Anayasa’nın değişmez ve değiştirilmez maddesi Türkiye Cumhuriyeti bir bütündür. Bölünemez, parçalanamaz. Her ne kadar farklı sosyal dokusu, kültürü, inancı, yaşam biçimi açısından birbirinden çok farklı insanların yaşadığı bir ülkemiz olsa da, ortak noktamız bu mozaiği birlikte yaşatmaktır. Zaman zaman bu mozaiği bölmek, parçalamak isteyen olsa da topyekûn ülke olarak bir duruş sergileriz. Güneydoğu’da bu yüzden istenilmeyen olaylar yaşanmaktadır.
Bugün Güneydoğu’ya giremez iken, Avrupa Birliği ülkelerine vizesiz gireceğiz diye sevinç yaşıyoruz.
Yıllar önce olması gereken, bu gün mülteci krizine karşılık ülkemize verilen rüşvetten öte bir durum değildir. Ancak Türkiye Cumhuriyeti olarak hatettiğimiz vizesiz yolculuk özgürlüğünü de en iyi şekilde değerlendireceğimizden de kimsenin şüphesi olmasın. İnsanımızın tamamının ya da yüzde 90’ının Avrupa Birliği üyeliğini desteklediğini düşünmemiz imkansız. Ancak Avrupa Birliği üyesi olmak, Atatürk’ün Cumhuriyeti kurarken işaret ettiği hedeftir. Bu işaretin ardından 60 yıldır bunun mücadelesinin hep birlikte verdik, veriyoruz. Yakın tarihimizde demokrasimizin askeri darbelerle kesiliyor olması, ekonomimizin belirsizliği nedeniyle ne yazık ki ülkemiz Avrupa’ya uyum sağlayamıyordu. Avrupa Birliği elindeki bu kozları kullanarak, bizi yıllarca kapısında bekletmesi gerek ticari hayatımızı, gerekse sosyal yaşamımızı ciddi manada etkiledi.

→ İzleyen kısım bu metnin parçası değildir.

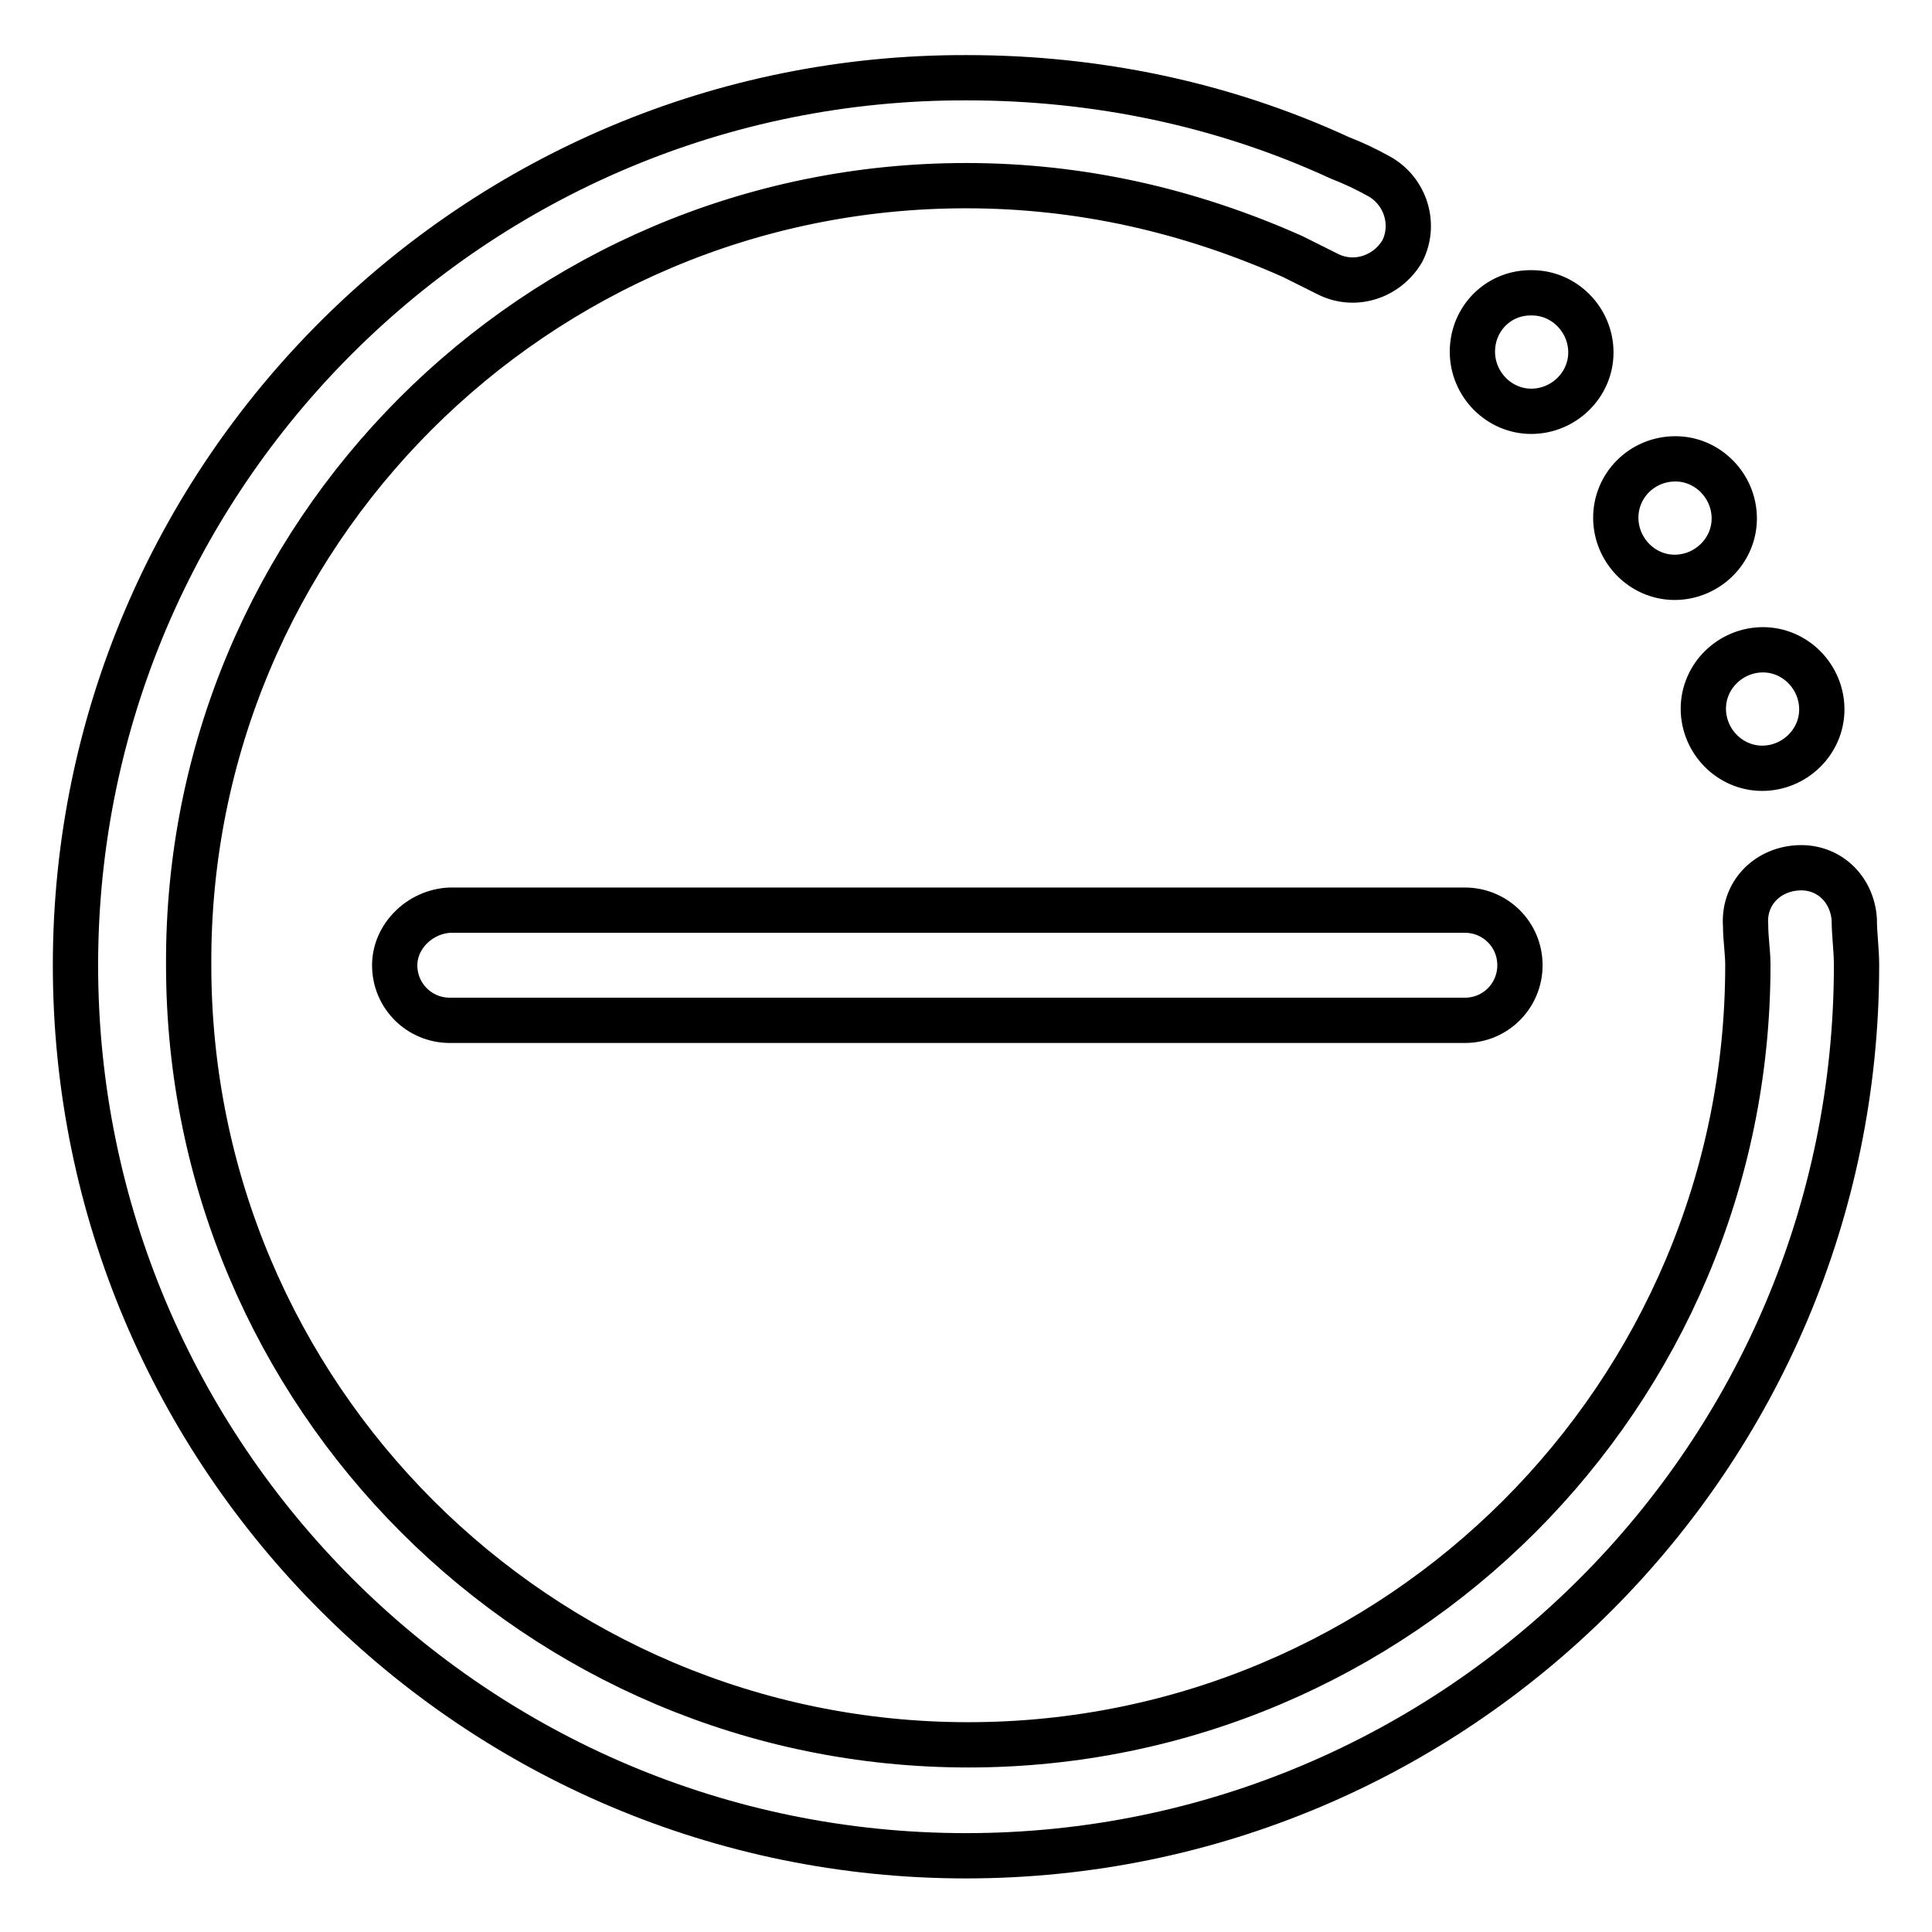 <?xml version="1.0" encoding="utf-8"?>
<!-- Svg Vector Icons : http://www.onlinewebfonts.com/icon -->
<!DOCTYPE svg PUBLIC "-//W3C//DTD SVG 1.1//EN" "http://www.w3.org/Graphics/SVG/1.1/DTD/svg11.dtd">
<svg version="1.1" xmlns="http://www.w3.org/2000/svg" xmlns:xlink="http://www.w3.org/1999/xlink" x="0px" y="0px" viewBox="0 0 256 256" enable-background="new 0 0 256 256" xml:space="preserve">
<g> <path stroke-width="6" fill-opacity="0" stroke="#000000"  d="M52.3,127.9c0,4.1,3.3,7.3,7.3,7.3h134.5c4.1,0,7.3-3.3,7.3-7.3c0-4.1-3.3-7.3-7.3-7.3H59.6 C55.6,120.8,52.3,124.1,52.3,127.9z M245.7,121.8c-0.3-4.1-3.5-7.1-7.6-6.8c-4.1,0.3-7.1,3.5-6.8,7.6c0,1.8,0.3,3.5,0.3,5.3 c0,57-46.3,103.3-103.3,103.3c-57,0-103.3-46.3-103.3-103.3C24.7,70.9,71,24.6,128,24.6c15.2,0,29.6,3.3,43.3,9.4l4.6,2.3 c3.5,1.8,7.8,0.5,9.9-3c1.8-3.5,0.5-7.9-3-9.9c-1.8-1-3.5-1.8-5.3-2.5c-15.4-7.1-32.2-10.6-49.4-10.6C62.9,10.1,10,63,10,127.9 c0,65.1,52.9,118,118,118s118-52.9,118-118C246,125.8,245.7,123.8,245.7,121.8z M225.7,93.9c0,4.3,3.5,7.9,7.8,7.9 c4.3,0,7.9-3.5,7.9-7.8c0,0,0,0,0,0c0-4.3-3.5-7.9-7.8-7.9C229.3,86.1,225.7,89.6,225.7,93.9C225.7,93.9,225.7,93.9,225.7,93.9z  M214.1,68.6c0,4.3,3.5,7.9,7.8,7.9c4.3,0,7.9-3.5,7.9-7.8c0,0,0,0,0,0c0-4.3-3.5-7.9-7.8-7.9C217.6,60.8,214.1,64.3,214.1,68.6 C214.1,68.6,214.1,68.6,214.1,68.6z M195.1,46.6c0,4.3,3.5,7.9,7.8,7.9c4.3,0,7.9-3.5,7.9-7.8c0,0,0,0,0,0c0-4.3-3.5-7.9-7.8-7.9 C198.6,38.7,195.1,42.2,195.1,46.6C195.1,46.6,195.1,46.6,195.1,46.6z"/></g>
</svg>

Geçmiş, geçmişte kaldı ve bugün itibariyle şartlar lehimize döndü. Bir de Avrupa’yı korkutan göçmen krizi, Türkiye için bir avantaja dönüştü. Avrupa Birliği Komisyonu, Tük vatandaşlarına vize uygulamasının kaldırılmasına yönelik tavsiye kararını açıkladı. Böylesi önemli bir karar verilip, vize kalktığında cipli pasaportlarımızla hemen Avrupa’ya akın edecek değiliz. Ama vize uygulaması Türk toplumu için onur kırıcı bir uygulamaydı. Türkiye’yi içinde olduğu Avrupa’dan ayrı kabul ediliyor ve her alanda yok sayıyordu. Gelinen aşama bu dile getirdiklerimi ortadan kalkması için en önemli etken olmaktadır. Türkiye Avrupalıdır, bu nedenle de Avrupa Birliği üyesi olmalıdır. Bu durum; gerek demokrasi adına, gerekse insan hakları adına kaçınılmaz gerçek olarak Avrupa’nın olmazsa, olmazı olarak önünde durmaktadır. Türkiye, Avrupa Birliği’nin onurlu üyesi olmasında en önemli adımlardan biri olan vizesiz yolculuk hakkını aldıktan sonra hak ettiği yolda ilerleyecektir.